A registered nurse (RN) who allegedly stole pain medications last year from residents in a Minnesota nursing home had her license suspended for a third time. The Minnesota Board of Nursing suspended the RN’s nursing license on August 3, 2023. The board had previously suspended her license in 2014 and 2010 after she stole prescription pain medications from residents.

The third suspension came 11 months after the RN was allegedly caught stealing pain medications from seven residents at the facility where she worked. Her supervisor, the director of nursing (DON), had become concerned about discrepancies in the narcotics log used to track medications given to residents. The DON was aware of the RN’s drug diversion at her previous job.

The nursing home performed an audit which found that during September 2022, the RN allegedly took medications from at least seven residents consisting of 31 pills of oxycodone, 11 hydromorphone, 11 hydrocodone, 5 lorazepam, 6 hydromorphone pills, and 20ml of liquid hydromorphone. She was subsequently fired.

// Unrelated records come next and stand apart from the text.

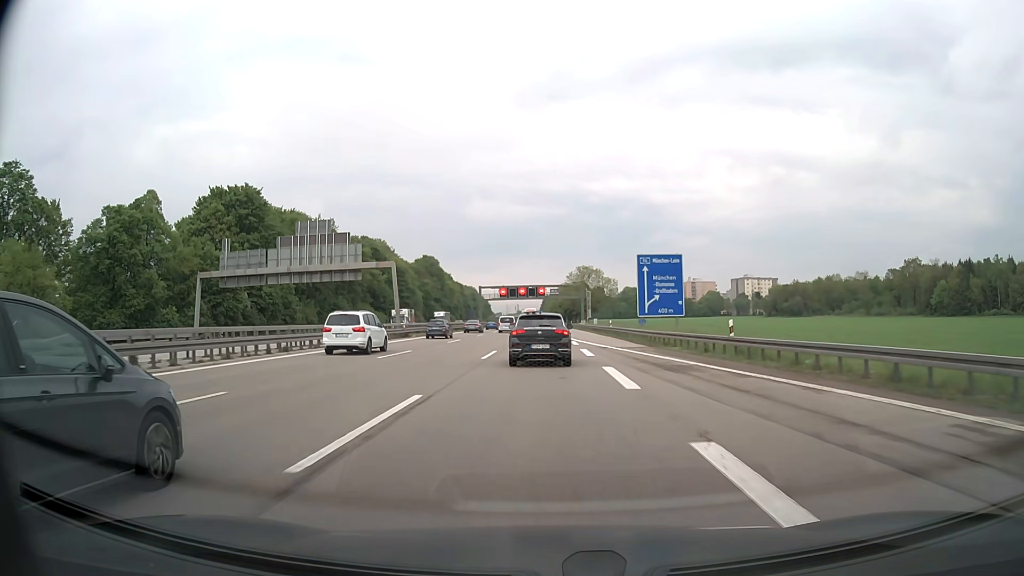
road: motorway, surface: asphalt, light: Day
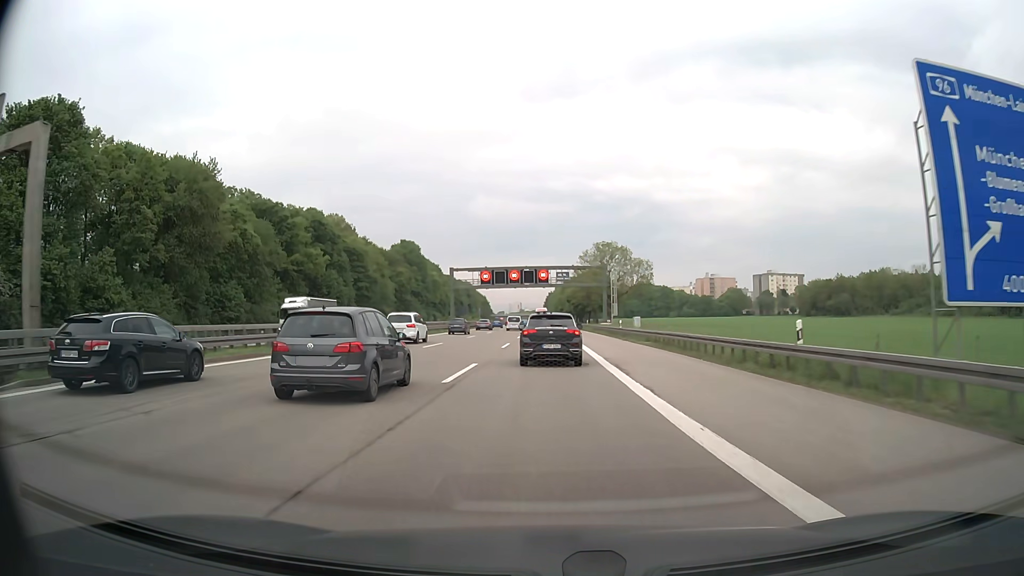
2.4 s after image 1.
(-0.1, +45.6) m; 0°
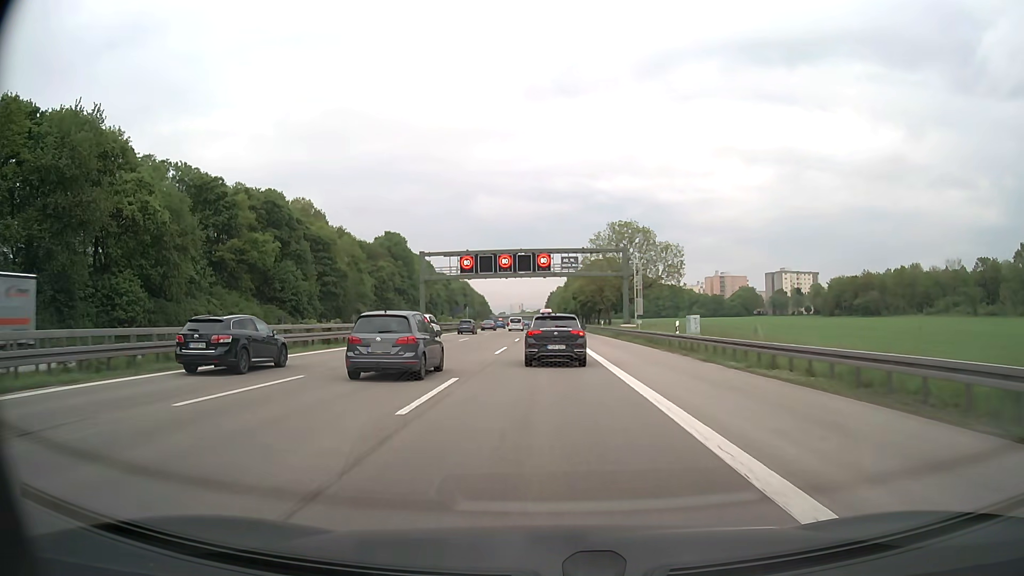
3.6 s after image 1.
(0.0, +22.9) m; 0°
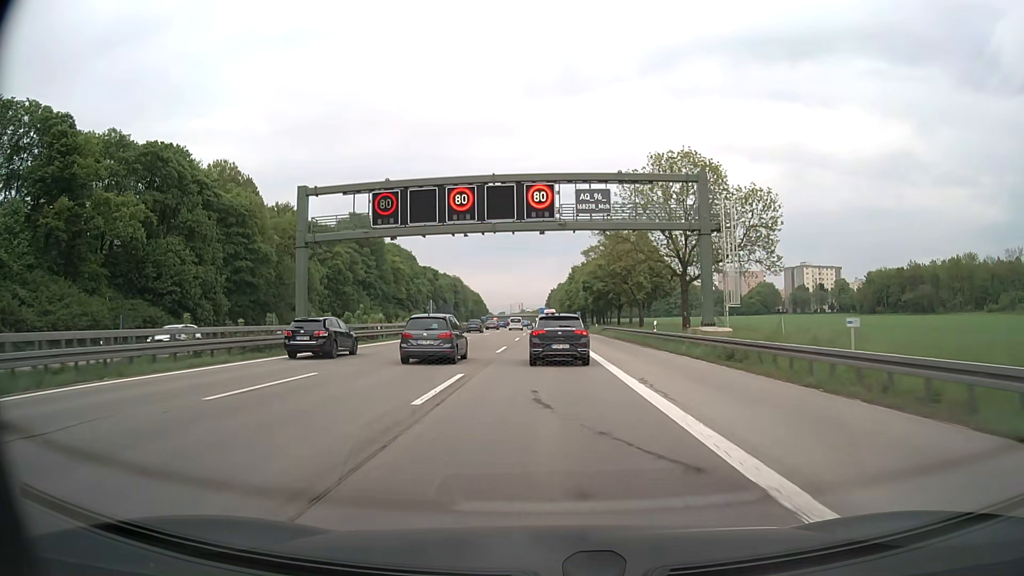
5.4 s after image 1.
(0.0, +35.0) m; 0°
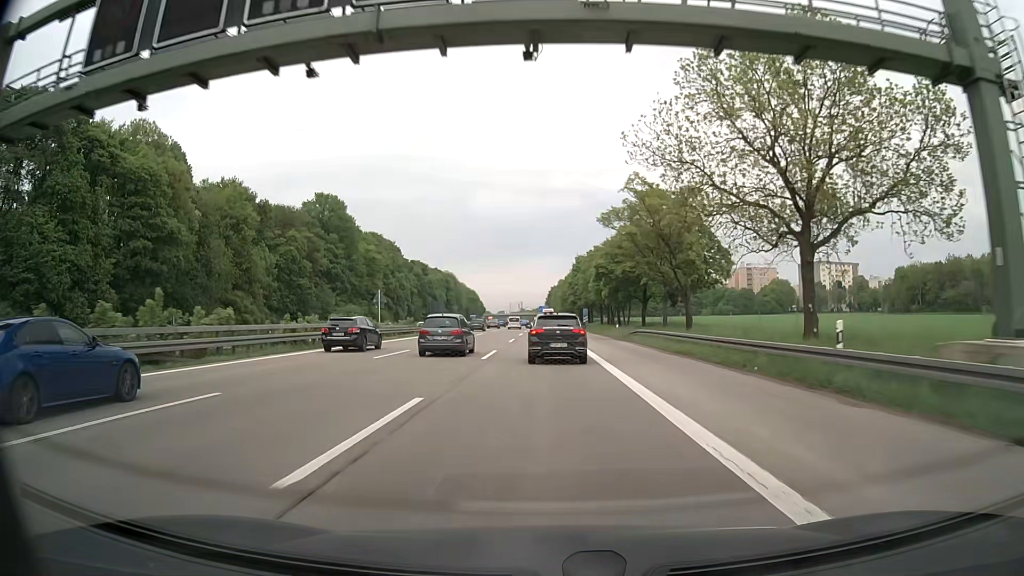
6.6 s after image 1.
(-0.1, +23.8) m; 0°
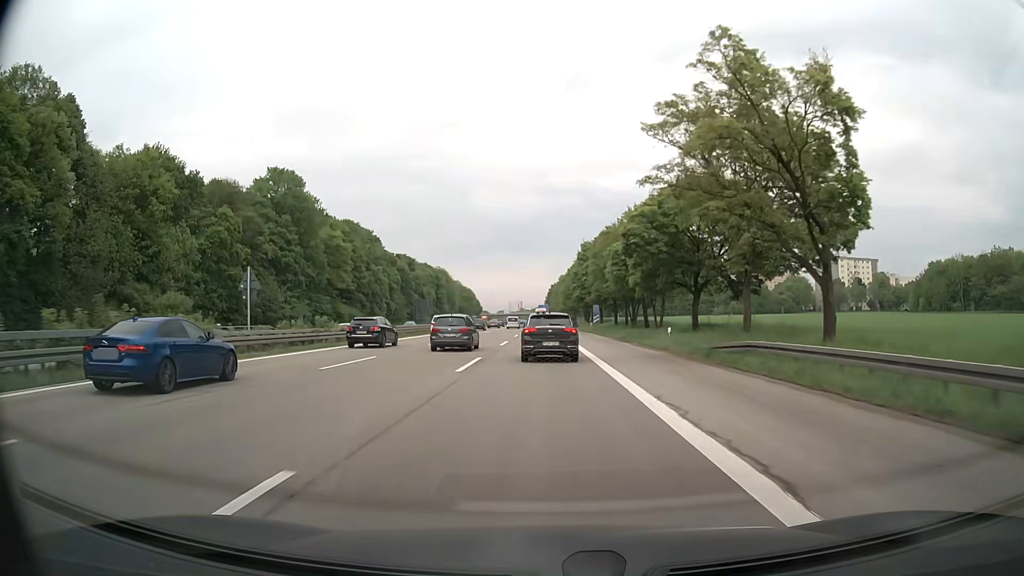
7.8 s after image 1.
(+0.1, +23.9) m; 0°
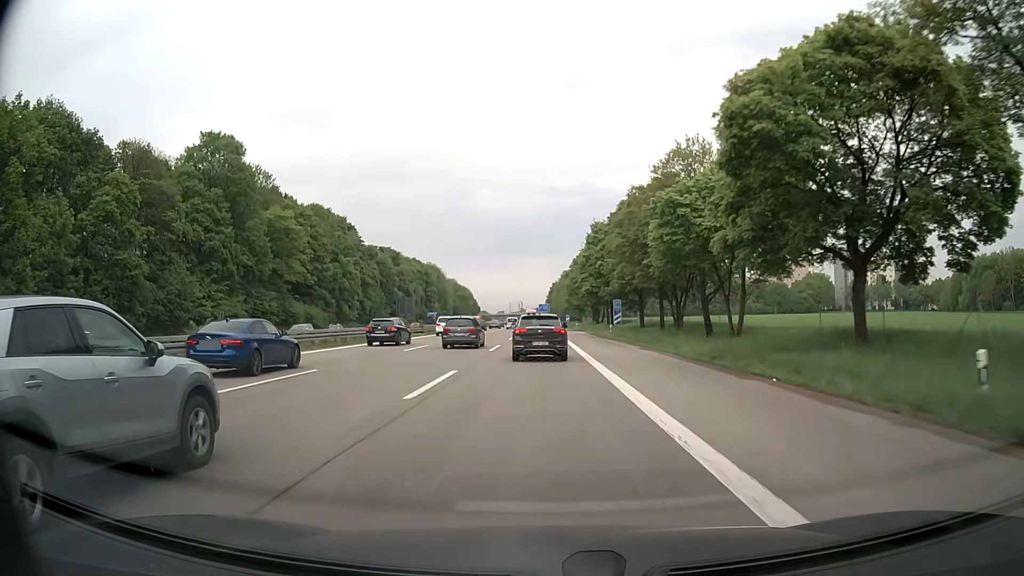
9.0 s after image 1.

A Minnesota Department of Health investigative report from December substantiated that she had signed out opioid medications that were never administered to residents. In an interview with a police officer, the RN said she had only a fuzzy recollection of dispensing the drugs and blamed the charting discrepancy on a medication error or the nurse who followed her shift.

Compliance Perspective

Issue

Experts estimate that 10–15 percent of our nation’s population struggles with impairment from alcohol or drug dependency. Nurses, as part of this statistic, are distinct due to their ability to access drugs in the workplace. Because as many as one in ten nurses could be affected by a substance use disorder, it is critical that each facility implements a proactive diversion-prevention program. The consequences of failure to do this include a negative impact on residents’ quality of care, legal and ethical concerns, and potential for high scope and severity citations once a diversion problem is uncovered. Nurses who divert medications have developed a number of ways to conceal diversion. Efforts must identify the types of medications most likely to be taken, signs that diversion has taken place, and signs of impairment.

Discussion Points

    • Review your policies and procedures on preventing, identifying, and responding to drug diversion. Update as needed.
    • Train appropriate staff on actions that can be taken to prevent, identify, and respond to any suspicion of drug diversion. Provide education on the impact of drug diversion on residents as a form of abuse and neglect, staff responsibility to report concerns immediately, and the consequences of theft of controlled substances. Document that the trainings occurred, and place the signed document in each employee’s education file. Med-Net Academy (MNA) offers all clients three PowerPoint training programs in our new category of Substance Use. Visit MNA to access all three. Additionally, a program titled Drug Diversion – What Every Facility Needs to Know is available in the Fraud, Waste, and Abuse Category of MNA and is available to all Med-Net clients.
    • Periodically audit to ensure that all controlled substances are accounted for each shift, and that proper documentation of controlled substances has occurred. Your consultant pharmacist can be included in this effort.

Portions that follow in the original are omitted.